Task: Check every line below for the word "patch" and copy the ones that have it.

Provided records:
════

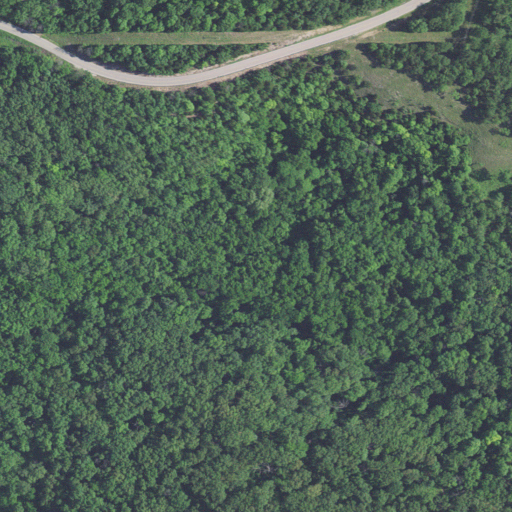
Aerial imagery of depression(s) in Missouri named Devils Kitchen containing deciduous forest, low intensity development, and open development
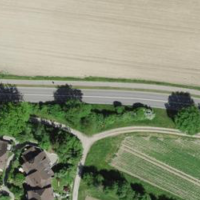
EUNIS habitat code: 52
Species observed at this site:
Orchis purpurea
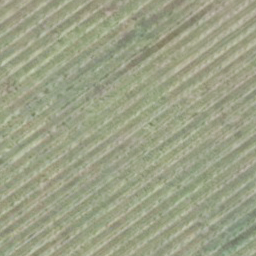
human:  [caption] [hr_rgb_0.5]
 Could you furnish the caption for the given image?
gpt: It is a piece of farmland .

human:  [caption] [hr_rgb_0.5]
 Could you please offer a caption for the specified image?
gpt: There is a piece of cropland .

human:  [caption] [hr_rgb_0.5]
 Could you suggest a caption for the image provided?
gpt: There is a piece of farmland .

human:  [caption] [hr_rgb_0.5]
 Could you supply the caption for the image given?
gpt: It is a piece of cropland .

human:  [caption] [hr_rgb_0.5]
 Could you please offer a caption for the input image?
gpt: Here is a piece of farmland .
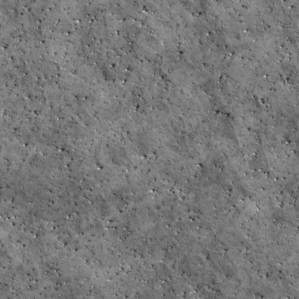
Label: non_frost
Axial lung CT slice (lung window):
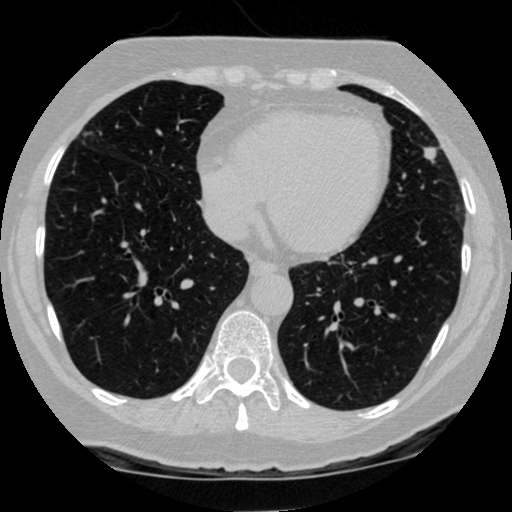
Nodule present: yes
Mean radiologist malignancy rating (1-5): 3.5
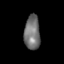
Tissue: skin
Cell type: Epithelial cells
Senescence score: 0.8883
Nuclear area (px): 533
Mean DAPI intensity: 113.568
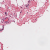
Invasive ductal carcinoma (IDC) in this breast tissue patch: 1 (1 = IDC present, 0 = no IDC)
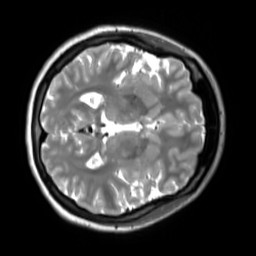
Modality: T2w
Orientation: axial
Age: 24
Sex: female
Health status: ill
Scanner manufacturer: siemens
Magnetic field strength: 3 T
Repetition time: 2.8 s
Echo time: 0.326 s
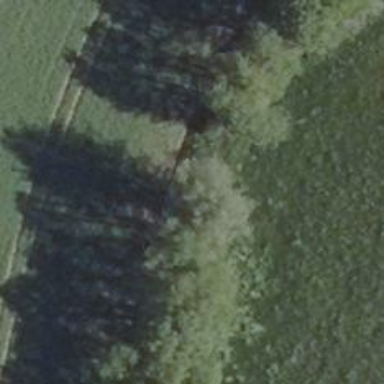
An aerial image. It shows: Row of trees in natural setting.
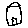
Label: house
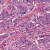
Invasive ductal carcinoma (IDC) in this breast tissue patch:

════

Exercise answer:
Invasive ductal carcinoma (IDC) in this breast tissue patch: 1 (1 = IDC present, 0 = no IDC)
Invasive ductal carcinoma (IDC) in this breast tissue patch:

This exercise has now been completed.